Would it be possible to have fast stack machine CPUs nowadays? (let's say, competing with x64 cpu's) or is there some inherent benefit to register machines?
I think that one of the main issues with stack machines is that the order of instructions in the original instruction stream is constrained by the instruction format - you can't as easy software schedule instructions (harder to express "I have all the information required to load that value from memory around now, I'll start it now because it might take a while").
Now any high performance stack machine is likely to decompose stack code to register renaming and micro-ops so some of that stuff is going to happen anyway (as it would in a register machine) and some stack ops (like dup) are going to disappear into the renamer (but then a compiler would do that as a CSE on a register machine)
I'm pretty sure a GA144 can do more additions or ANDs per second than any comparably-sized register-machine microcontroller: IIRC it's about a million transistors (comparable to an 80486, seven AVRs, or nine ARM9TDMIs) and can do about a hundred billion 18-bit additions per second on a few milliwatts. It definitely doesn't decompose stack code to register renaming and micro-ops.

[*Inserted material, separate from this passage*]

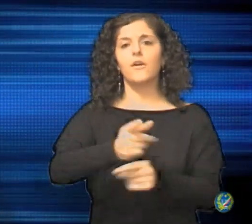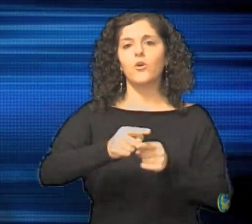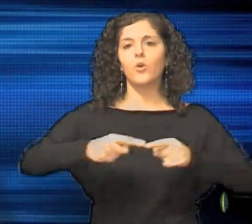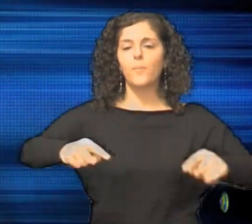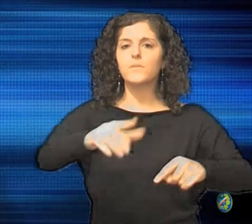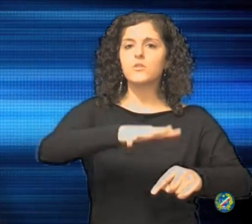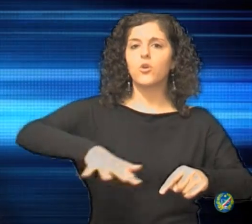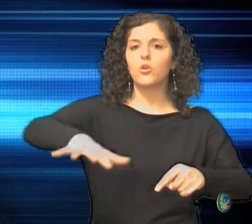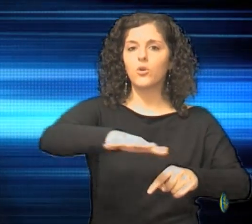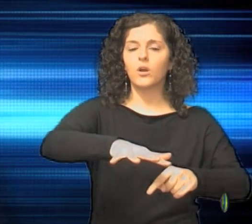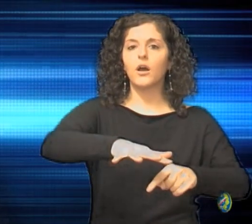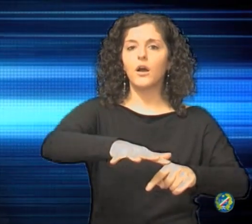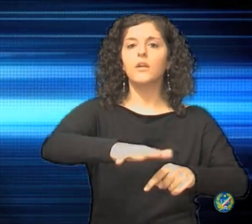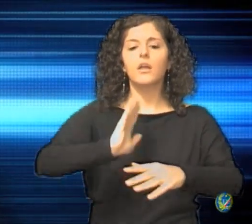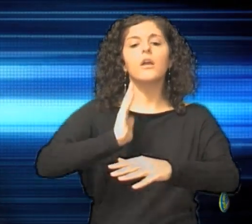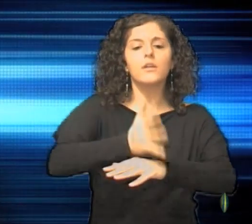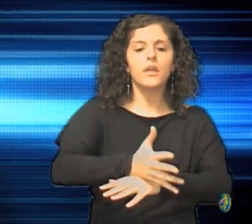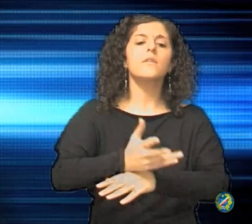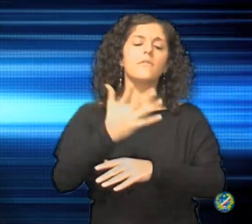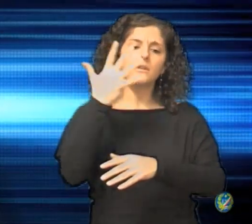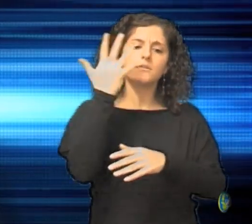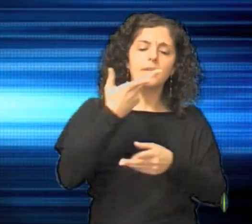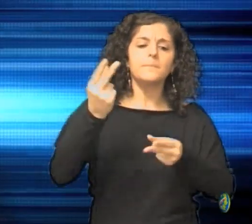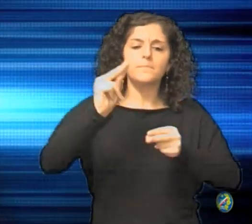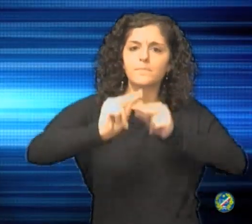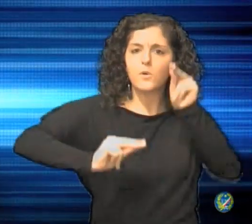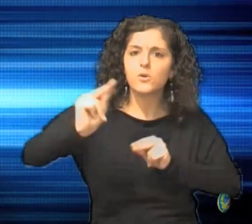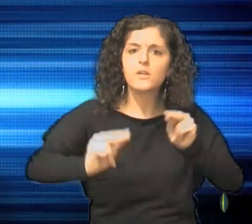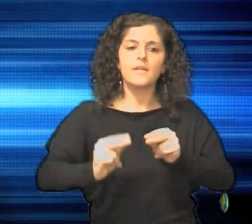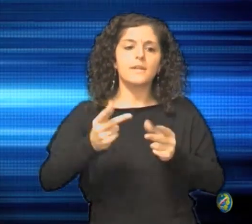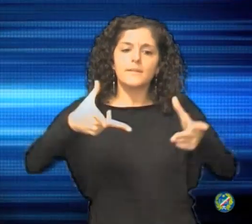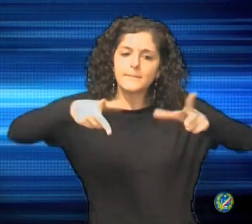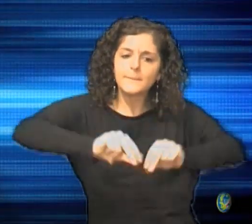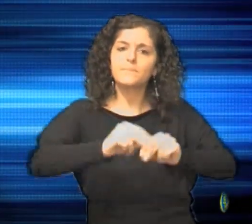di rivedere e correggere le decisioni errate.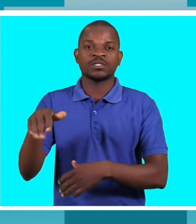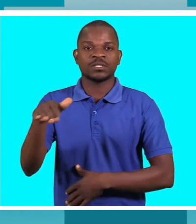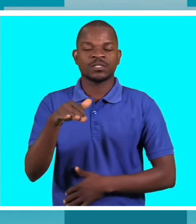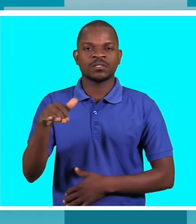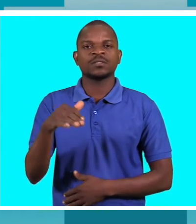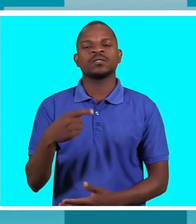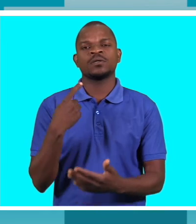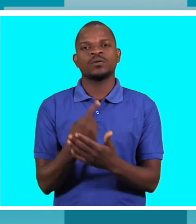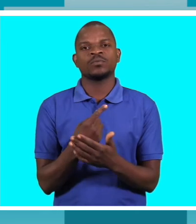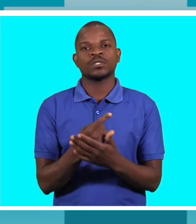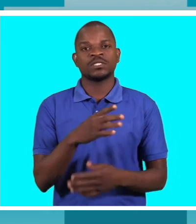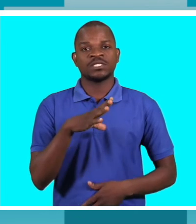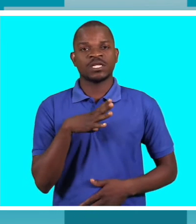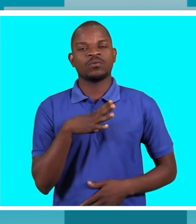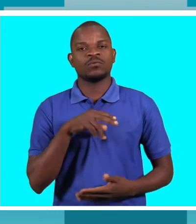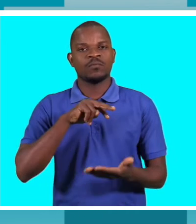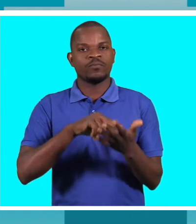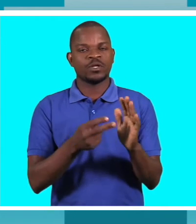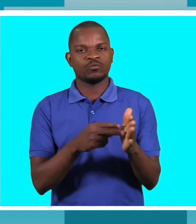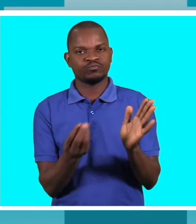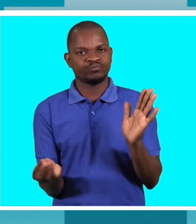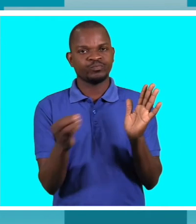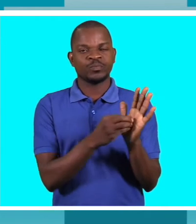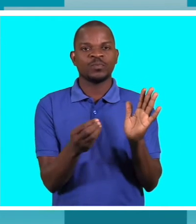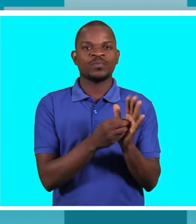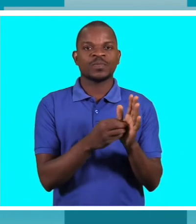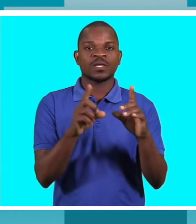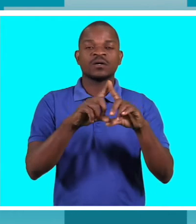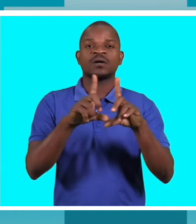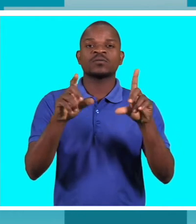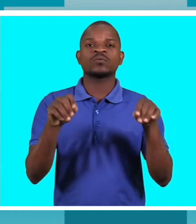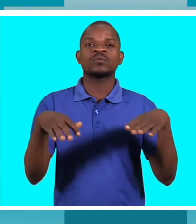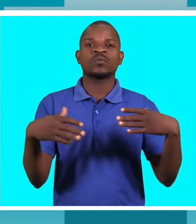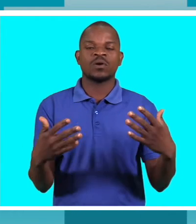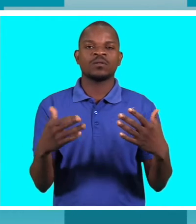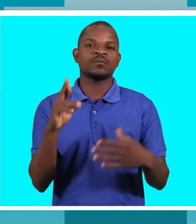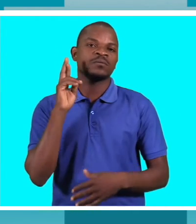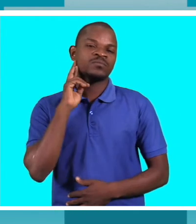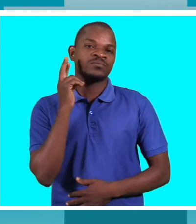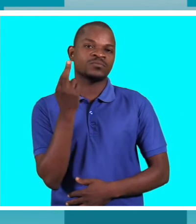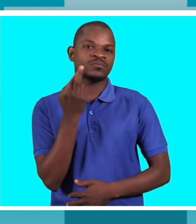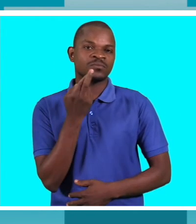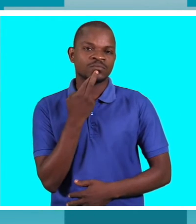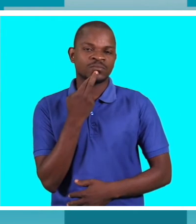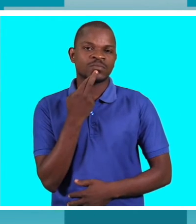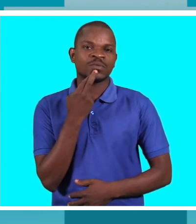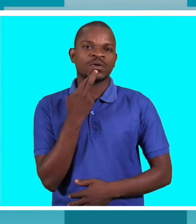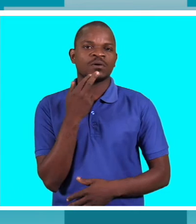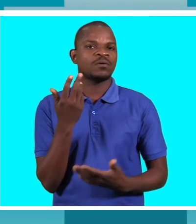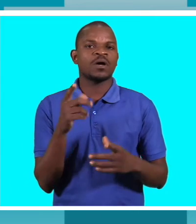nos seus planos, ações que respondem efetivamente à questão de

Unfortunately you can't program it either in C or in Verilog, and it doesn't have multipliers, so it hasn't seen significant adoption. But its problem is that it's hard to program, not that its performance is poor.
They definitely have some things in common, but the GA144 doesn't have multipliers, doesn't do SIMT, doesn't do SIMD, doesn't have texture mapping units, and doesn't have any globally accessible RAM or routing, so I don't think it's very close.
No, the problem is that each of the 144 processors in the GA144 has 64 18-bit words of RAM, which are not byte-addressable. Each word holds 3-4 5-bit instructions, so that's 256 machine instructions if you don't use any RAM for data. Even if you had C-friendly features like a stack pointer and stack-pointer-relative addressing modes, 64 words is just not very much memory for a C program.
You might be able to compile a C program to a floorplan of processors passing messages to one another, but it would be similar to writing a SystemC compiler which compiles C to, ultimately, a circuit netlist. The impedance mismatch is severe.